• _EXERCISE_
Every line holding the string "none" should be copied out of the listing.

• _GIVEN RECORDS_

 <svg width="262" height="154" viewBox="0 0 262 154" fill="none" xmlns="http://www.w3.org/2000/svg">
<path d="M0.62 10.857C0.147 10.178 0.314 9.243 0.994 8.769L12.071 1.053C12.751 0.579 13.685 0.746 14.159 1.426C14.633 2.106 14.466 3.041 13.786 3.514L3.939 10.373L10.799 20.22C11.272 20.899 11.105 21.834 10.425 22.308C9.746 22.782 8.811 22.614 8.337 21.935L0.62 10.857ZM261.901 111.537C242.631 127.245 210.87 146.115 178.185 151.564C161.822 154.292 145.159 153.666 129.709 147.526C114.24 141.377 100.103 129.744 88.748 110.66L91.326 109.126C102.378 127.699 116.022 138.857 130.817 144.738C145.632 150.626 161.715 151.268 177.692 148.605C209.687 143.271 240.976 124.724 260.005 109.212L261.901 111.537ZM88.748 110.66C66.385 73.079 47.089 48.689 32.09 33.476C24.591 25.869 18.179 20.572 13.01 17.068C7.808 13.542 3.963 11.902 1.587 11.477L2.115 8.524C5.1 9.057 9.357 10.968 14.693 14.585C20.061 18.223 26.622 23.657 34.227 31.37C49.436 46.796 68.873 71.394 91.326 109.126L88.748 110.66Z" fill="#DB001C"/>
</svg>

--

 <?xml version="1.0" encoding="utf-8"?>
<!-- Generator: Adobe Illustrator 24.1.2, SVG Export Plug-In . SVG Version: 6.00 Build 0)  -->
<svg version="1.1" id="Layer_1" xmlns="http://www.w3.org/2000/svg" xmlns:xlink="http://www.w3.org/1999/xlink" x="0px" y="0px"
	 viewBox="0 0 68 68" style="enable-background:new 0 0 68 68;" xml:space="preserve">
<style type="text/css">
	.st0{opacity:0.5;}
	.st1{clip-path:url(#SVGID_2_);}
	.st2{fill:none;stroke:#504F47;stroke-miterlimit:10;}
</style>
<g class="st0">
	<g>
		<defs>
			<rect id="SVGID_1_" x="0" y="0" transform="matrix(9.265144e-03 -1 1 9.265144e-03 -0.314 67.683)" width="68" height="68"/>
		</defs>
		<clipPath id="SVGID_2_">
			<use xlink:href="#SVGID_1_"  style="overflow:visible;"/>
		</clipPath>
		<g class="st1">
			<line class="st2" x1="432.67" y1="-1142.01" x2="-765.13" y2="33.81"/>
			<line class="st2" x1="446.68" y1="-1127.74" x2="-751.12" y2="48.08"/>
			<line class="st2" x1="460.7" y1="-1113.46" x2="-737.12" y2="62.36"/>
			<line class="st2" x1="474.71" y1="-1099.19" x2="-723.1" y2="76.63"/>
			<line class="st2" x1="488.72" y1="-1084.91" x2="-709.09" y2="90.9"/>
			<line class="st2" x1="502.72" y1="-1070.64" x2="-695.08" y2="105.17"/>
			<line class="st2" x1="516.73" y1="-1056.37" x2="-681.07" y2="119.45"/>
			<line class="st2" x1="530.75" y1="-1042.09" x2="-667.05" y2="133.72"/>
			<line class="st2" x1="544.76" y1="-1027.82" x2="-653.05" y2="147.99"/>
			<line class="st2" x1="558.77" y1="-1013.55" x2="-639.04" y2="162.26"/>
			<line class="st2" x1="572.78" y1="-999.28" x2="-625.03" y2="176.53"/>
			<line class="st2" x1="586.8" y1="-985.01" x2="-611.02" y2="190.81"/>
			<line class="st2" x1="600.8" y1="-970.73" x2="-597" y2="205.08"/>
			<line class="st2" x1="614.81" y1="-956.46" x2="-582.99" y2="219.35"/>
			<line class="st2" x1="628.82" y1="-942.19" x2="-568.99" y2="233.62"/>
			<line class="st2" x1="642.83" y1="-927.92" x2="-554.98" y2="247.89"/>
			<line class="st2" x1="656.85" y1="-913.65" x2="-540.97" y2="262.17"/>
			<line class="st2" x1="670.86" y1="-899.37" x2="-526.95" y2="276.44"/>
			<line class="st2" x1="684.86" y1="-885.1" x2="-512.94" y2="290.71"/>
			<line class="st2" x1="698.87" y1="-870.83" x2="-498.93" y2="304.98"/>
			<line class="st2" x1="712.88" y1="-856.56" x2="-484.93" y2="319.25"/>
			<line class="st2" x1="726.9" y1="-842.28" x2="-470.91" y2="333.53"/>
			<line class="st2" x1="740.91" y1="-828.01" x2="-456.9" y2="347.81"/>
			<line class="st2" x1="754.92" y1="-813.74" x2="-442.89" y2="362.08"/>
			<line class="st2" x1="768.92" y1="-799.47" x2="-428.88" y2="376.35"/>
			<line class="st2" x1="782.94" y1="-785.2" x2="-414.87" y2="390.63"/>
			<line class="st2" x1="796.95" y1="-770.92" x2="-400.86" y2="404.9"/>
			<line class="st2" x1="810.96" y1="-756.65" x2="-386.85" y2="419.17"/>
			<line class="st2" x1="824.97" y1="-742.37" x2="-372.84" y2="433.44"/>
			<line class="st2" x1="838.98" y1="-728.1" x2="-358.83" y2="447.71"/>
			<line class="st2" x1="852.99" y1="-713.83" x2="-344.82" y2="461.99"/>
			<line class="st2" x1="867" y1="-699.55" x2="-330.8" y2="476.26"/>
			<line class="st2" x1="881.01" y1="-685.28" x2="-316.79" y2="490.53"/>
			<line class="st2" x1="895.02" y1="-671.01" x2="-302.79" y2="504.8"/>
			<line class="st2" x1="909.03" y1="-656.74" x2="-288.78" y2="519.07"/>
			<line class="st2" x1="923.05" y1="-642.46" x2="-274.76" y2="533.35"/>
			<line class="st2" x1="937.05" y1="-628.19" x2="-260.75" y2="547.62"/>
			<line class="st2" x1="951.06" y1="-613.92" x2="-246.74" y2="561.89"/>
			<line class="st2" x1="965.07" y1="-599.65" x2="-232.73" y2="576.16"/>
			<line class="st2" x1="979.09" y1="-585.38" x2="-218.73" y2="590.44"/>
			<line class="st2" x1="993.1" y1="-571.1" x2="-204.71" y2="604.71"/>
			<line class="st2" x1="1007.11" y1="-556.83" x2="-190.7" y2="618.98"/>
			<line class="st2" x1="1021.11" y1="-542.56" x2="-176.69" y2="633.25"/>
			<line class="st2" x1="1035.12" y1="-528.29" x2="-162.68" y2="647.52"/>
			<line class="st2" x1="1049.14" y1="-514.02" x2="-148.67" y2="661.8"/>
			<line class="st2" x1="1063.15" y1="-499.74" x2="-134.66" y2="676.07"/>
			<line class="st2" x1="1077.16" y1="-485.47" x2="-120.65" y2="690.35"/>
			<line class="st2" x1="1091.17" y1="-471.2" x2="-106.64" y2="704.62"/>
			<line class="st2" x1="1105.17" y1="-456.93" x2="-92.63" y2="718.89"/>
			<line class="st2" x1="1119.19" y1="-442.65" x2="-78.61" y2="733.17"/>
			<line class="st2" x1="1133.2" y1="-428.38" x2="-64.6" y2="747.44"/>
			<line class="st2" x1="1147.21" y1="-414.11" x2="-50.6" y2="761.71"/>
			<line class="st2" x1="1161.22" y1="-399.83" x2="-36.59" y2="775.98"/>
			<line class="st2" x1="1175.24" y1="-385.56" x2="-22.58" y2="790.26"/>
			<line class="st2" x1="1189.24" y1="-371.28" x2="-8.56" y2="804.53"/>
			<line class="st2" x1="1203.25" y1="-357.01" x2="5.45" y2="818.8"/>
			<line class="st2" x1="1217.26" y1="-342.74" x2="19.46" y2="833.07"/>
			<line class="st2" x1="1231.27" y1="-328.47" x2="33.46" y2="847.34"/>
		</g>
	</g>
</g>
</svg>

• _RESULT BELOW_
 <svg width="262" height="154" viewBox="0 0 262 154" fill="none" xmlns="http://www.w3.org/2000/svg">
	.st2{fill:none;stroke:#504F47;stroke-miterlimit:10;}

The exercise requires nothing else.